Patients of either sex were screened at the out-patient clinic (OPD) of the Department of General Medicine and recruited if they were at least 18 years of age and presenting with recurrent abdominal pain or discomfort for atleast 3 days per month in the last 3 months, along with history of loose or watery stools more than three times per day (IBS as per ROME IV criteria). Patients having infrequent bowel movements (less than 3 per week), hard or lumpy stools or straining regularly during defecation were excluded. Other exclusions were women who were pregnant or breast-feeding, history of debilitating chronic diseases including uncontrolled diabetes, immunocompromising disorders such as HIV/AIDS, alcoholism or substance abuse, psychiatric disorders liable to render patients unreliable study subjects and lack of adequate caregiver support at home to supervise daily drug administration. Use of systemic antimicrobials, corticosteroids or any other medication known to influence IBS symptoms currently or within last 4 weeks was not permitted. Subject recruitment was expected to be completed within the first 12 months.
Subjects were randomized to receive any one of the formulations in a double-blind manner using computer generated random number list. Randomization was done in fixed blocks of 16. Allocation concealment was done through the serially numbered, opaque, sealed envelope technique. The test drug was controlled release mebeverine hydrochloride, equivalent to 200 mg mebeverine, in capsule form. Treatment was continued for 8 weeks with an interim follow-up visit at 4 weeks. Control subjects received a marketed multivitamin preparation, also in capsule form, as placebo, for 8 weeks, and were then followed-up at the same time intervals. The use of placebo was justified on the basis that the role of pharmacotherapy in IBS is oriented towards symptom control and no treatment has been shown to be unequivocally superior. To ensure double blinding, the medication was removed from original blister packaging and repacked in small plastic jars with airtight screw caps. These were then labelled appropriately. Medication was dispensed twice to each subject, with each lot sufficient for 4 weeks use. Subjects were instructed to take one capsule twice daily before meals.

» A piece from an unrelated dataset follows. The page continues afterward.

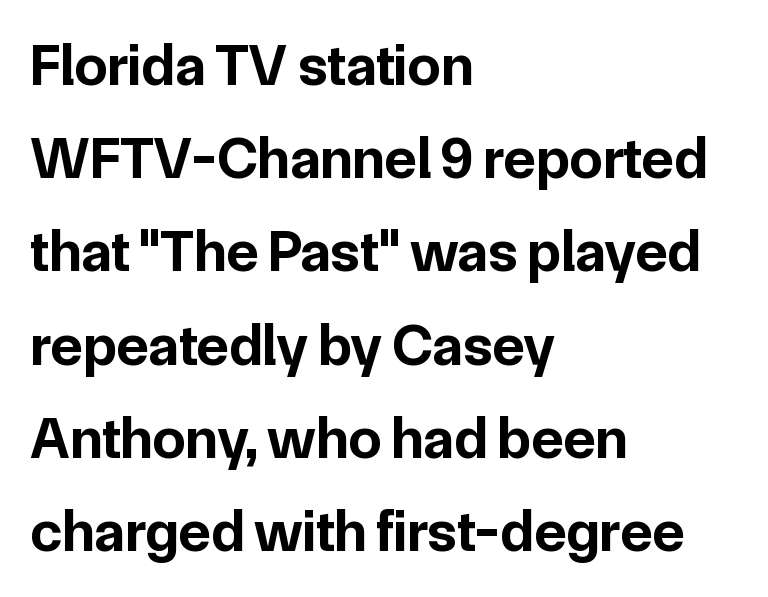
The image shows 59 px bold sans-serif type, upright; set left-aligned, normal line spacing (1.58x), normal letter spacing, not underlined; low stroke contrast and a medium x-height.

Outcome measures were the number of bowel movements per day over 7 days prior to a visit, subjective assessment of severity of abdominal cramps on a 3-point grading system (1 = absent/mild; 2 = moderate; 3 = severe) and IBS quality of life (IBS QoL) score.[10] Safety parameters were treatment emergent adverse signs or symptoms or abnormal values detected through laboratory tests done on suspicion. Adherence to medication was assessed by the traditional pill count method. It was deemed to be excellent if not more than 10% of scheduled doses were missed, good if not more than 20% were missed, fair if not more than 30% were missed and poor for any situation worse than fair.
For the purpose of sample size calculation, reduction in the number of average daily bowel movements was considered as the primary outcome measure. It was estimated that 35 subjects would be required per group in order to detect a difference of 2 in this number with 80% power and 5% probability of Type 1 error. This calculation assumed a standard deviation of 3 for the average number of daily bowel movements and two-sided testing. Assuming a drop-out rate of 20% we proposed to recruit 44 subjects in each group. The sample size was calculated using nMaster version 2.0 (Department of Biostatistics, Christian Medical College, Vellore; 2011) software.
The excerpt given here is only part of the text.